EXTRACTED INFORMATION:
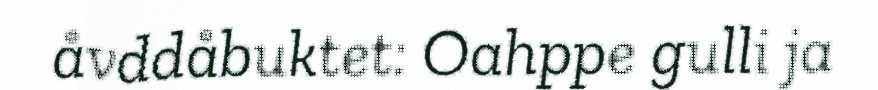
åvddåbuktet: Oahppe gulli ja
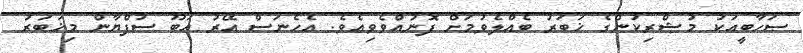
ޞަހާބީއަކު މުޝްރިކުންގެ ޚަބަރު ބެއްލެވުމަށް ފޮނުއްވެވިއެވެ. އެހެނަސް އޭރު އަބޫ ސުފްޔާން މިޚަބަރު
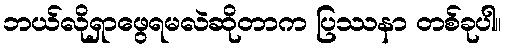
ဘယ်လိုရှာဖွေရမလဲဆိုတာက ပြဿနာ တစ်ခုပါ။
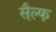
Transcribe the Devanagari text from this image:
सैल्फ
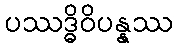
ပဿဒ္ဓိဝိပန္နဿ
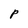
Character: P
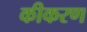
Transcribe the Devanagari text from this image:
कीकरण
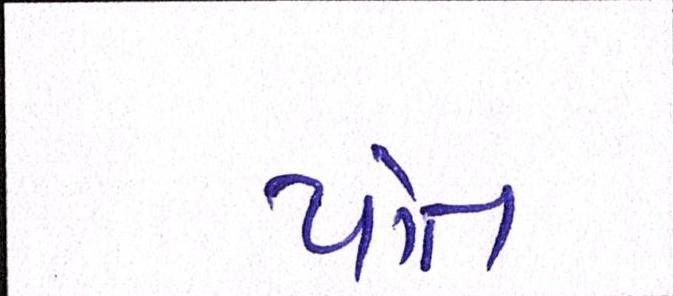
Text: પોત
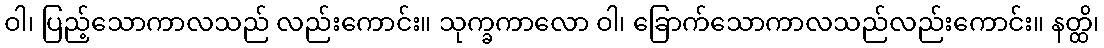
ဝါ၊ ပြည့်သောကာလသည် လည်းကောင်း။ သုက္ခကာလော ဝါ၊ ခြောက်သောကာလသည်လည်းကောင်း။ နတ္ထိ၊
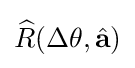
{\widehat {R}}(\Delta \theta ,{\hat {\mathbf {a} }})
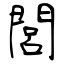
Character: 閭
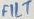
Text: FILT
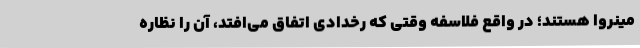
مینروا هستند؛ در واقع فلاسفه وقتی که رخدادی اتفاق می‌افتد، آن را نظاره
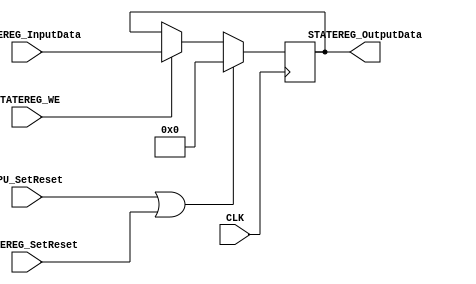
module STATE_REG
#
(
	parameter FetchBits   = 8
)
(
	//Basic:
	input 			  						CLK,
	
	input wire								CPU_SetReset,
	input wire								STATEREG_SetReset,
	//INPUT:
	
	input wire	  							STATEREG_WE,

	input wire [(FetchBits - 1) : 0] STATEREG_InputData,
	
	//OUTPUT:
	output reg [(FetchBits - 1) : 0] STATEREG_OutputData
);

wire reset = ( CPU_SetReset || STATEREG_SetReset );

//	DESCRIPTION:
always @(posedge CLK)
begin
	if(reset)
		STATEREG_OutputData <= 8'b0;
	else if(STATEREG_WE)
		STATEREG_OutputData <= STATEREG_InputData;
	else
		STATEREG_OutputData <= STATEREG_OutputData;
end
	
endmodule

WORK REQUIRED: From the line holding "STATEREG_OutputData <= STATEREG_InputData;" down to the final line above, copy each line exactly, and leave out everything before it.

RESPONSE FOR THIS EXERCISE:
		STATEREG_OutputData <= STATEREG_InputData;
	else
		STATEREG_OutputData <= STATEREG_OutputData;
end
	
endmodule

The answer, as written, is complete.